Well daddio, like, it was the hip and cool beatniks. A writer named Jack Kerouac in 1948 coined the phrase "beat generation" to describe a group of struggling poets and writers all of whom were loosely part of a new bohemian group of people who were simply tired of conforming to society and its closed mindedness. It was sort of like being spiritually liberated. World War II had just ended and the anti-communist fever was running rabid. Basically, if you did not conform you might be branded a communist, but the beat culture believed if you did not conform you were simply hip and not brainwashed into the McCarthey Era.

The "beat generation" wrote books, songs and poetry as a form of expression. They were artistic, creative and alive in a country that was feeling dead. They engaged in casual sex, did drugs, dressed differently, men grew goatees, men and women wore berets and participated in non-American religion, and practiced Zen Buddhism.

The word beatnik came up in the mid 50s. It was a term that was used for those who embraced the way of the beat generation. The term meant beaten down so to speak and was used in the Jazz music culture. Young beatniks would gather in coffee shops, dress in black, some wore turtlenecks and sandals and all were loaded and ready to read their improvisational poetry to the sounds of finger clicking and bongo drums in cafés.

It was sometime during the 60s that these creative free thinkers transformed into what we now call the hippy generation. Styles started to change, causes got bigger and things started to shift. Beatniks moved out of coffee shops and into the streets and college campuses. Beatniks helped introduce the right to have a free voice and choice. Many rock and rollers were influenced by the beat generation.

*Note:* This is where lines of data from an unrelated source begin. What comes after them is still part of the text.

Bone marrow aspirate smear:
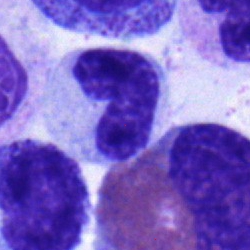

{"cell_type": "stab cell", "lineage": "myeloid"}
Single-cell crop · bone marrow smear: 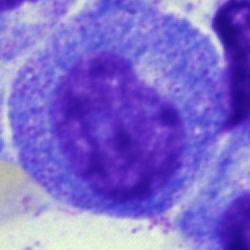

Q: What is shown here?
A: A promyelocyte.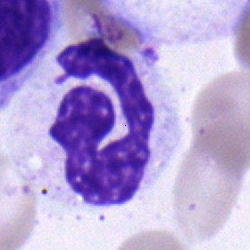 Cell type = band neutrophil.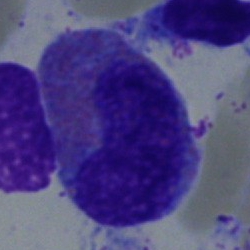

{"cell_type": "eosinophilic granulocyte", "lineage": "myeloid"}
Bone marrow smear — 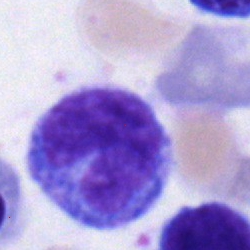

Specimen: bone marrow aspirate smear.
Cell type: monocyte.
Lineage: myeloid.
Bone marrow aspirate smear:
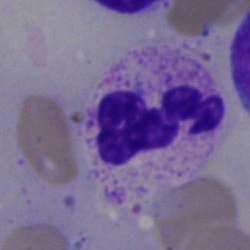

Neutrophil (segmented).
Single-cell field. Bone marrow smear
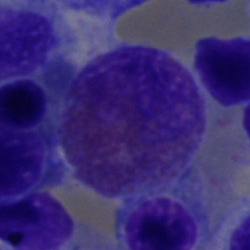

{"cell_type": "eosinophil", "lineage": "myeloid"}
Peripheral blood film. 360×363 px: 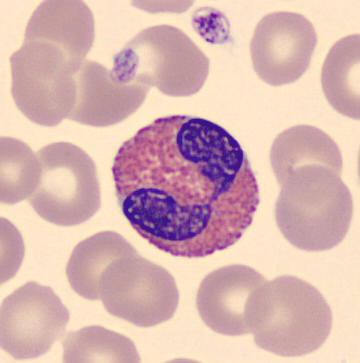
Cell — eosinophil.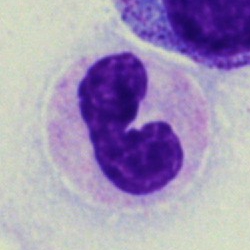

Stab cell.
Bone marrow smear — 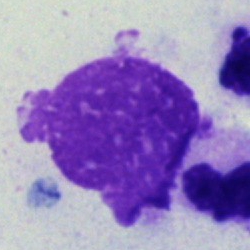 The cell is artifact.
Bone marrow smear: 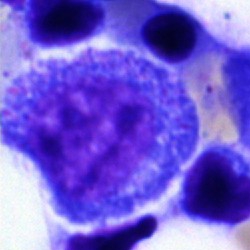
Cell type = promyelocyte.
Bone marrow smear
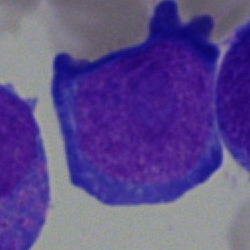
Specimen: bone marrow aspirate smear.
Morphological class: nucleated red blood cell.
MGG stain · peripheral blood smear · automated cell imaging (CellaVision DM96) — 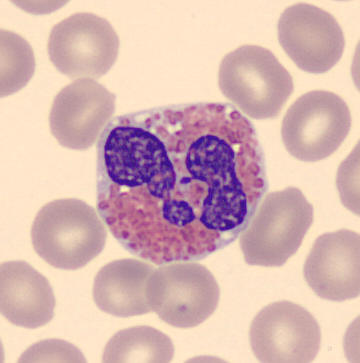 {"cell_type": "eosinophil", "lineage": "myeloid"}
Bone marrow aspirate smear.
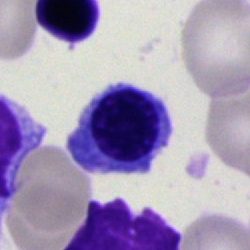
Q: What cell is this?
A: Normoblast.
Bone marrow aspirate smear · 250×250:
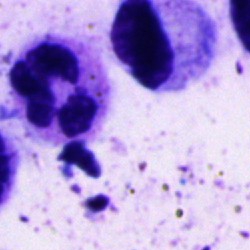 Cell — polymorphonuclear neutrophil.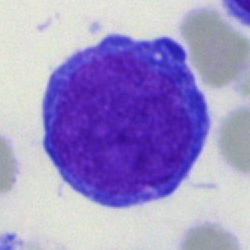
Specimen: bone marrow aspirate smear.
Cell: blast cell.
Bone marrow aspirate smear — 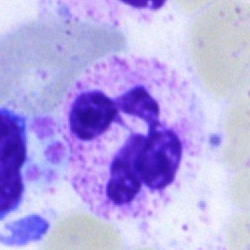 This is a polymorphonuclear neutrophil.

It is impossible to talk about the beatnik culture in under 500 words but there are a few good reads if you want to read more. Beat Culture and the New America, 1950-1965, by Lisa Phillips is one of them. I clearly could not even begin to give this generation fair say in the space provided, but one thing is for sure, up until recently, there seemed to always be a generation that fought for a cause. A generation that made a difference in the world of the day. Sure, we catch little hints of the older generation's ideals here and there and of the current generation's concerns and awareness about global warming and going green. They are quiet; seemingly nothing like the generations before, but maybe a powerful generation will visit again, perhaps once they come up for air and look away from their cell phones, Facebooks, handheld games and whatever other weapons of mass distraction­maybe they will pay attention and realize we are ready for another change…. Until then, we shall remember the beatniks and hippies and remember them as cultures that not only wanted change but created it.